2. The PTC control circuit according to claim 1, wherein the PTC controller (200) comprises: the circuit comprises a first resistor (R1), a first capacitor (C1), a second resistor (R2), a second capacitor (C2), a first power switch tube (Q1) and a second power switch tube (Q2);

wherein, the first end of the first resistor (R1) is connected with the first end of the first capacitor (C1) and the ground, the second end of the first capacitor (C1) is connected with the high-voltage power supply end (HV), the cathode of the diode (D1) and the first end of the PTC circuit (300), the second end of the first resistor (R1) is connected with the first end of the second resistor (R2) and the emitter of the first power switch tube (Q1), the emitter of the second power switch tube (Q2) is connected, the second end of the second resistor (R2) is connected with the first end of the second capacitor (C2), the second end of the second capacitor (C2) is connected with the collector of the first power switch tube (Q1), the collector of the second power switch tube (Q2), the anode of the diode (D1) and the second end of the PTC circuit (300), the base of the first power switch tube (Q1) is connected with the first driving end (G1), and the base of the second power switch tube (Q2) is connected with the second driving end (G2).

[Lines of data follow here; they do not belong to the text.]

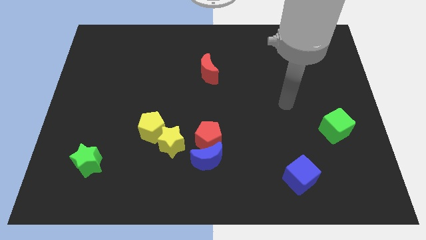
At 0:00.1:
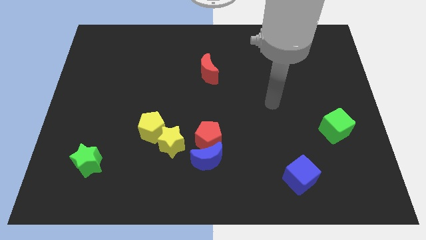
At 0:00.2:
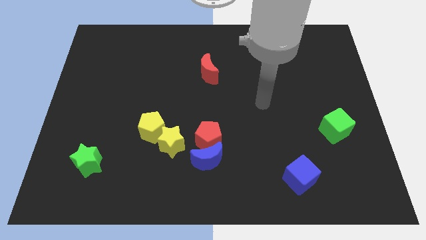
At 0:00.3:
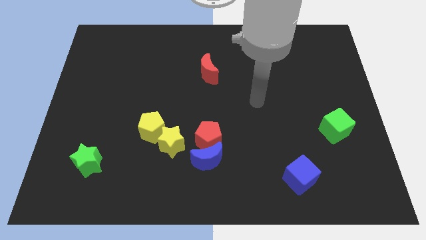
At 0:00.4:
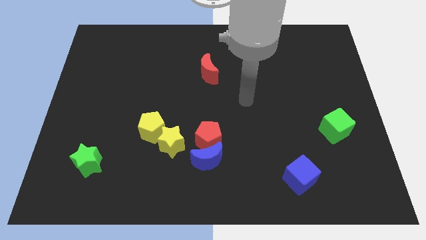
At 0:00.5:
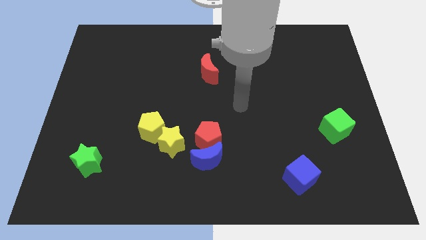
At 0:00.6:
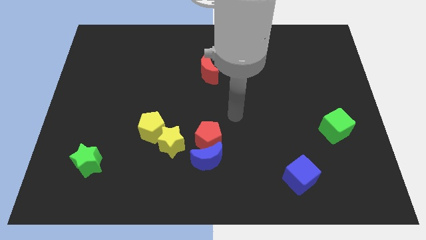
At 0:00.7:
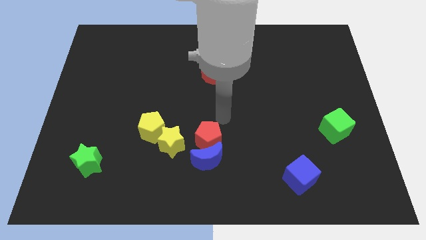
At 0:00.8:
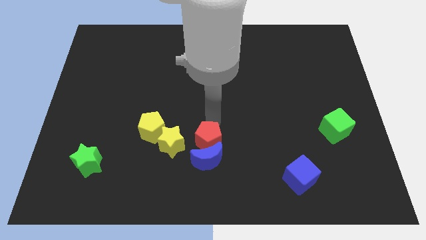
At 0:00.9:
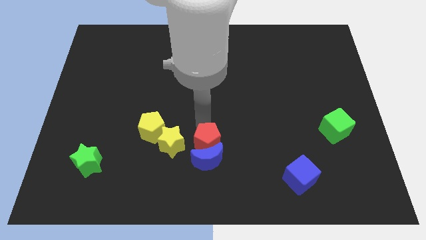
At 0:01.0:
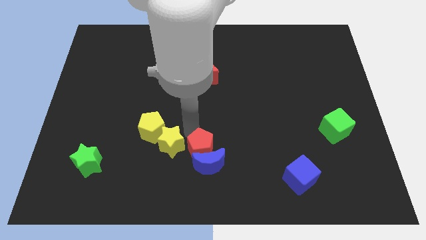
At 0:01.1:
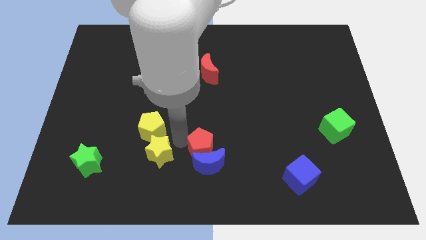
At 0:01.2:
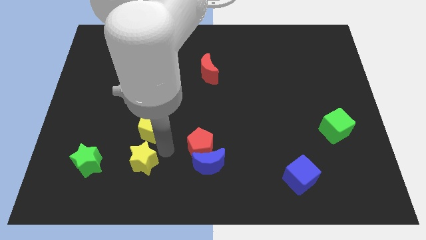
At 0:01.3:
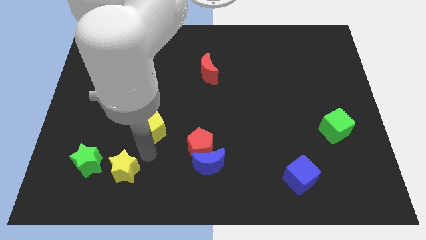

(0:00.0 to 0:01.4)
pull the yellow pentagon apart from the yellow star

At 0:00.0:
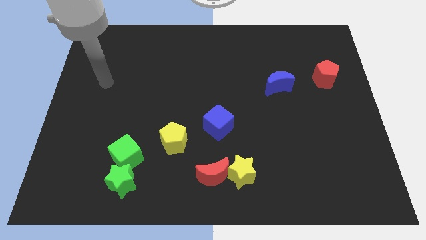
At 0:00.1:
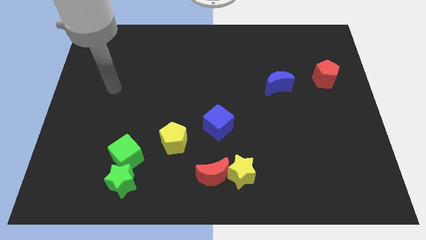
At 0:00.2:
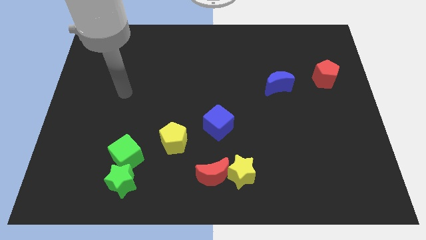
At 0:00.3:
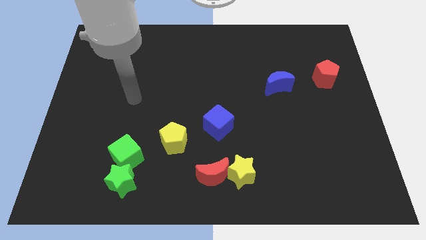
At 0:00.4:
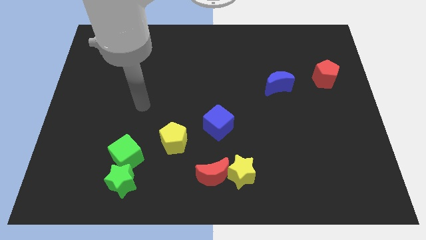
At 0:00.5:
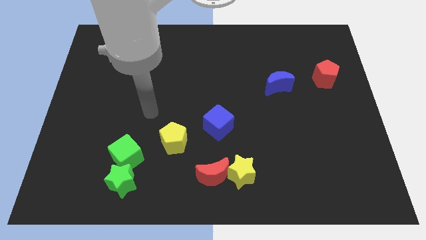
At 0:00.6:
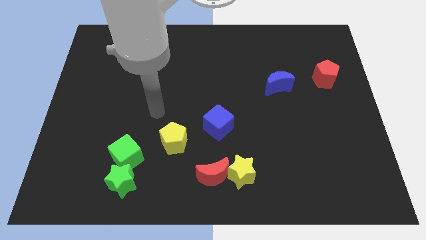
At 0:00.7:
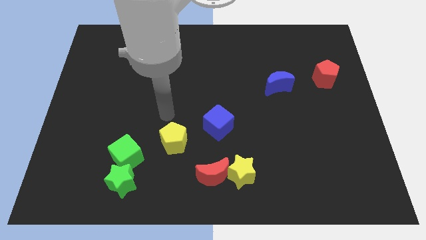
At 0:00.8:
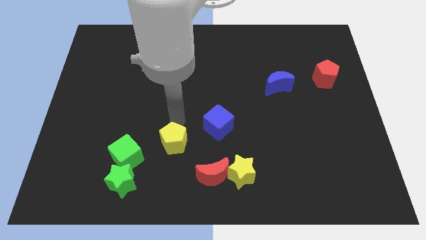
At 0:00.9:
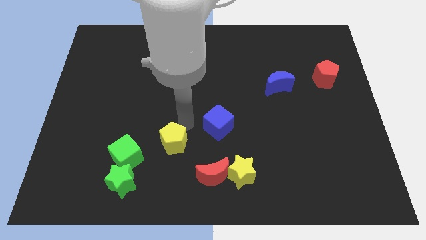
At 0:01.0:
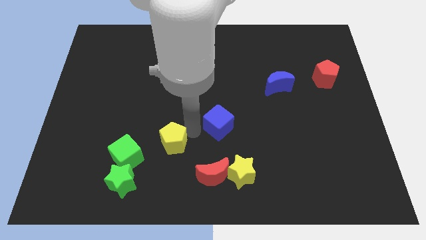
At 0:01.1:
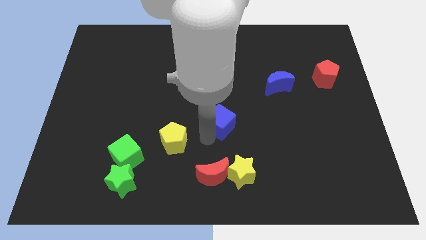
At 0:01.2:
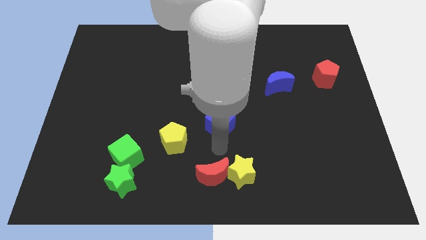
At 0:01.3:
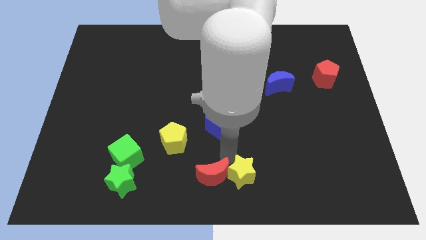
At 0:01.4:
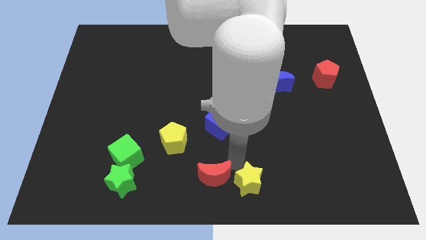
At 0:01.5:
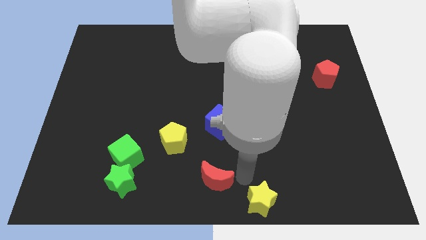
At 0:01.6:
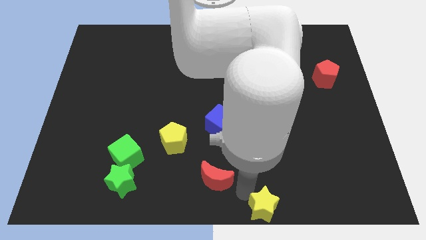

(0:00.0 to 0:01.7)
pull the red moon apart from the yellow star

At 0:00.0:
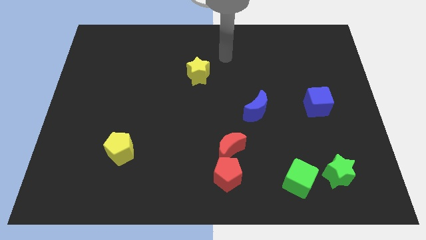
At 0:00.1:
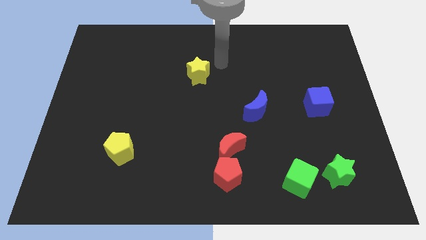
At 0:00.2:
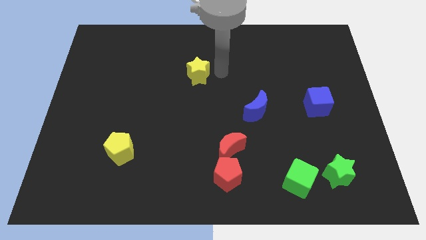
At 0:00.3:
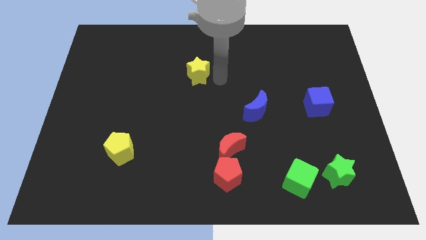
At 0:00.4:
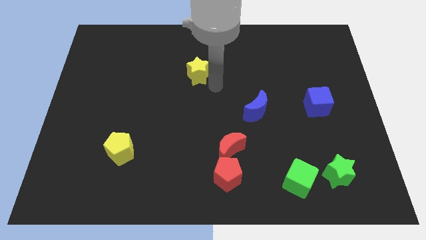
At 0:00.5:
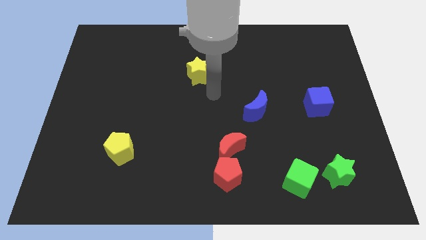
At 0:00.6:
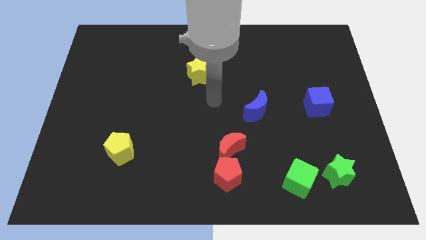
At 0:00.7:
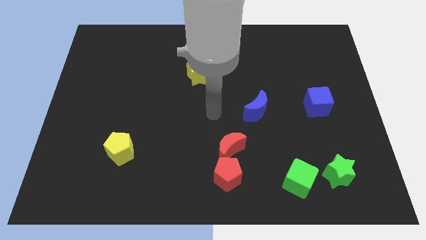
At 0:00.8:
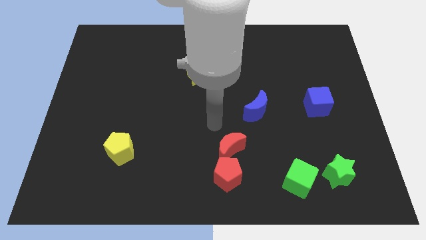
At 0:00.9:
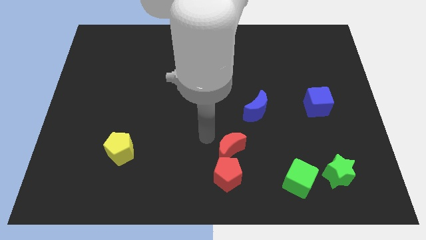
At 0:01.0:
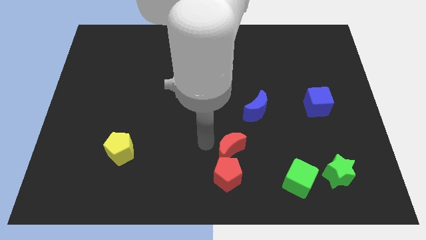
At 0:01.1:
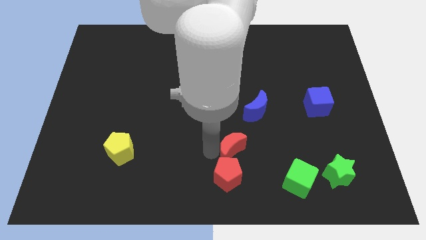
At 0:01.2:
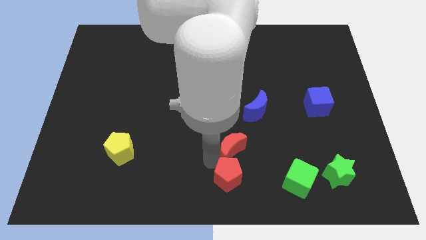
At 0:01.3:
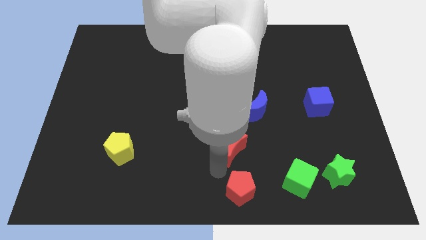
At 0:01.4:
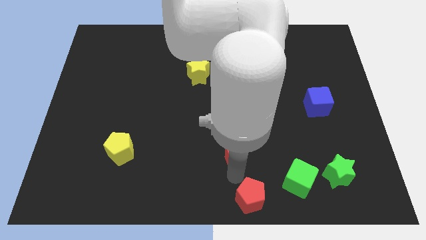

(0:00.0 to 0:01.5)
separate the red moon from the red pentagon

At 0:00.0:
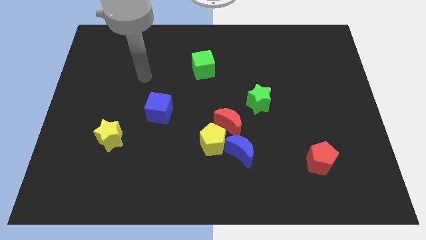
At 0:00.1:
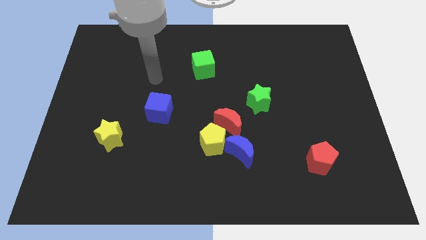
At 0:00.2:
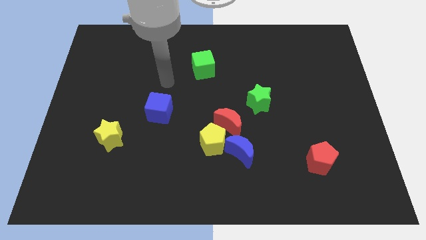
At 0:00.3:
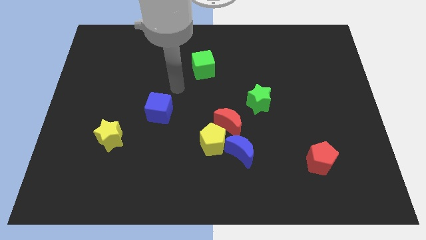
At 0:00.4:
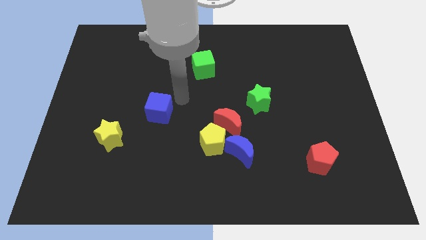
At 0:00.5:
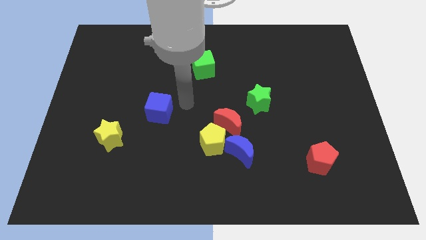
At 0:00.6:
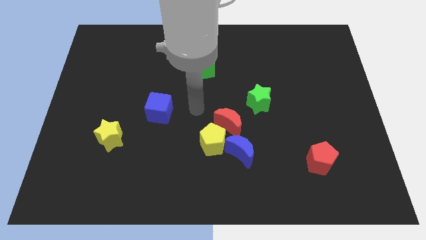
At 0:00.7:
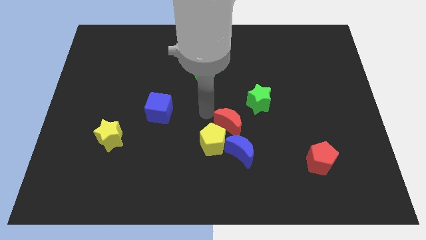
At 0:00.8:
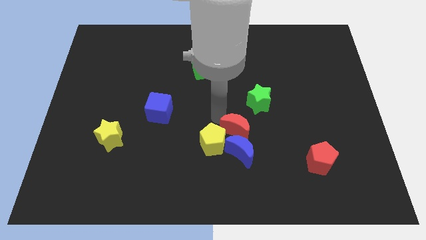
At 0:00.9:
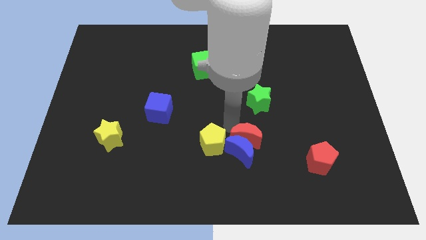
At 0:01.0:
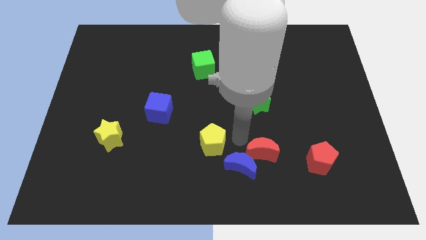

3. A PTC control circuit according to claim 2, the PTC controller circuit further comprising: a third resistor (R3), a third capacitor (C3), a fourth resistor (R4) and a fourth capacitor (C4); the first end of the third resistor (R3) is connected with the first end of the third capacitor (C3) and the second end of the first resistor (R1), the second end of the third resistor (R3) is connected with the second end of the third capacitor (C3) and the base of the first power switch tube (Q1), the first end of the fourth resistor (R4) is connected with the first end of the fourth capacitor (C4) and the second end of the first resistor (R1), and the second end of the fourth resistor (R4) is connected with the second end of the fourth capacitor (C4) and the base of the second power switch tube (Q2).

4. A PTC control circuit according to claim 2 or 3, wherein the first power switch transistor (Q1) is an IGBT or BJT transistor and the second power switch transistor (Q2) is a MOS transistor.

5. A PTC control system comprising a PTC control circuit according to any one of claims 1-4.